Mark P. Hood, of Charlotte, N.C., said said he felt a jolt ripple through the jet as though a baseball bat hit the engine close to the George Washington Bridge.
“I think everyone was holding their breath, making their peace, saying their prayers,” Hood said Friday.
“When we hit the water, as soon as we hit I realized we’d survived. I grabbed (the passenger sitting next to him) and said, ‘We made it. We made it.'”
National Transportation Safety Board investigators will now focus on recovering the black box from the plane and interviewing the crew about the accident — apparently caused by birds that slammed into the plane’s two engines.
The Airbus A320, built in 1999, was tethered to a pier on the tip of Lower Manhattan on Friday morning — about four miles from where it touched down. Only a gray wing tip could be seen jutting out of the water near a Lower Manhattan sea wall.

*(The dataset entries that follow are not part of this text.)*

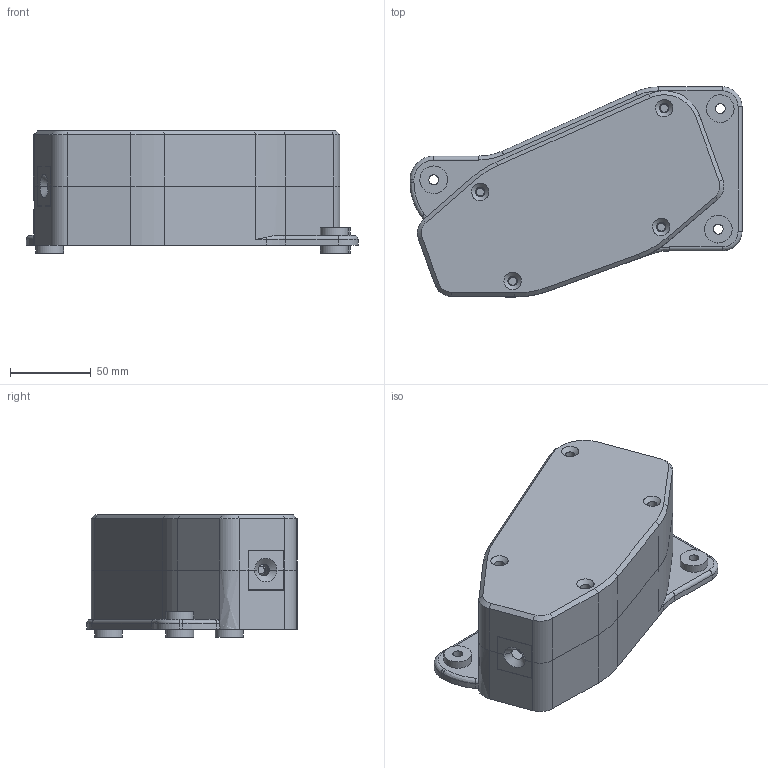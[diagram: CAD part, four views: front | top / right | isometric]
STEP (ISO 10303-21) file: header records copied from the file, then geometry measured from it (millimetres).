
FILE_DESCRIPTION(('FreeCAD Model'),'2;1');
FILE_NAME('Open CASCADE Shape Model','2025-05-05T04:49:45',('FreeCAD'),( 'FreeCAD'),'Open CASCADE STEP processor 7.6','FreeCAD','Unknown');
FILE_SCHEMA(('AUTOMOTIVE_DESIGN { 1 0 10303 214 1 1 1 1 }'));
Length unit declared in the file: millimetre
Products named in the file (1): Open CASCADE STEP translator 7.6 1
Bounding box: 205.84 x 130.3 x 75.96 mm (x, y, z)
Volume: 546888.5 mm3; surface area: 177644 mm2
Topology: 11 solids, 11 shells, 611 faces, 1661 edges, 1081 vertices
Faces by surface type: bspline 611
Entity records: 18520 total; most frequent: CARTESIAN_POINT 8908, ORIENTED_EDGE 3322, EDGE_CURVE 1661, B_SPLINE_CURVE_WITH_KNOTS 1218, VERTEX_POINT 1081, FACE_BOUND 650, EDGE_LOOP 650, ADVANCED_FACE 611
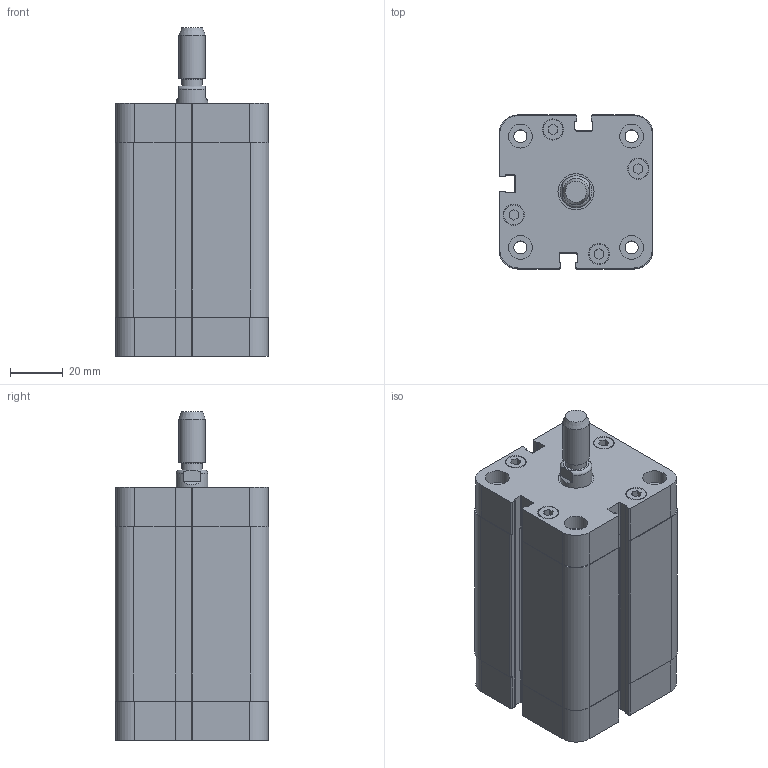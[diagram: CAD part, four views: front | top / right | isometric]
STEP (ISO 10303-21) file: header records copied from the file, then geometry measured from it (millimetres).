
FILE_DESCRIPTION(/* description */ (''),/* implementation_level */ '2;1');
FILE_NAME(/* name */ 'dmu-40-1000-m.stp',/* time_stamp */ '2015-11-11T11:26:44+01:00',/* author */ (''),/* organization */ (''),/* preprocessor_version */ 'ST-DEVELOPER v15.2',/* originating_system */ 'Autodesk Translator Framework v2.0.0.5431',/* authorisation */ '');
FILE_SCHEMA (('AUTOMOTIVE_DESIGN { 1 0 10303 214 3 1 1 }'));
Length unit declared in the file: centimetre
Products named in the file (1): (Unsaved)
Bounding box: 58.1 x 58.1 x 124 mm (x, y, z)
Volume: 297398.2 mm3; surface area: 41014.2 mm2
Topology: 1 solids, 1 shells, 1056 faces, 2890 edges, 1899 vertices
Faces by surface type: bspline 641, plane 317, cylinder 95, cone 2, torus 1
Full cylindrical faces by diameter (mm): 4.917 x4, 6 x1, 7.5 x8, 7.9 x1, 8 x8, 8.566 x2, 9 x8, 10 x1, 12 x1, 13.6 x1
Entity records: 38998 total; most frequent: CARTESIAN_POINT 16637, ORIENTED_EDGE 5740, EDGE_CURVE 2850, DIRECTION 2585, VERTEX_POINT 1897, LINE 1363, VECTOR 1363, B_SPLINE_CURVE_WITH_KNOTS 1292

Crews of NYPD divers went underwater Friday to inspect the belly of the plane to make sure it was stable enough to lift and secure a bed of ropes underneath it. Police and emergency crews also pulled about 15 pieces of carry-on luggage, the door of the plane, sheared pieces of metal and flotation devices from the water.
Arnold Witte, president of the Donjon Marine salvage company, said it wasn’t clear whether the plane would be pulled out in one or several segments, or whether it could be raised on Friday.
“We want to get the plane recovered as soon as possible but we want to do it a safe way,” NTSB spokeswoman Kitty Higgins said.
Higgins said one challenge will be hauling the plane out of the water without causing it to break apart.
Sullenberger and co-pilot Jeff Skiles and crew have become instant heroes for guiding the plane to safety and safely evacuating the passengers.
Lorrie Sullenberger and her two daughters emerged from her Danville, Calif., home Friday and called her husband “a pilot’s pilot who “loves the art of the airplane.”
She said hearing her husband’s story “was really a shock. … My husband said over the years that it’s highly unlikely for any pilot to ever have any incident in his career, let alone something like this.”
She called the talk of Sullenberger being a national hero “a little weird.” When her two daughters went to sleep Thursday night, “I could hear them talking, ‘Is this weird or what?'”
James Ray, a spokesman for the U.S. Airline Pilots Association, said he spoke with Sullenberger on Friday and described him as being “in good shape physically, mentally and in good spirits.”
“He was just very calm and cool, very relaxed, just very professional,” Ray said.
Ray said the flight crew was resting and likely would meet with investigators later Friday or Saturday. He said the crew has been asked not talk to the press about the accident until after the NTSB investigation is complete.
Sullenberger, 57, of Danville, Calif., is a former Air Force fighter pilot who has flown for US Airways for 29 years. He also runs a safety consulting firm.
At a City Hall ceremony to honor those who came to the aid of the stranded passengers, Mayor Michael Bloomberg said Sullenberger’s actions “inspired people around the city, and millions more around the world.”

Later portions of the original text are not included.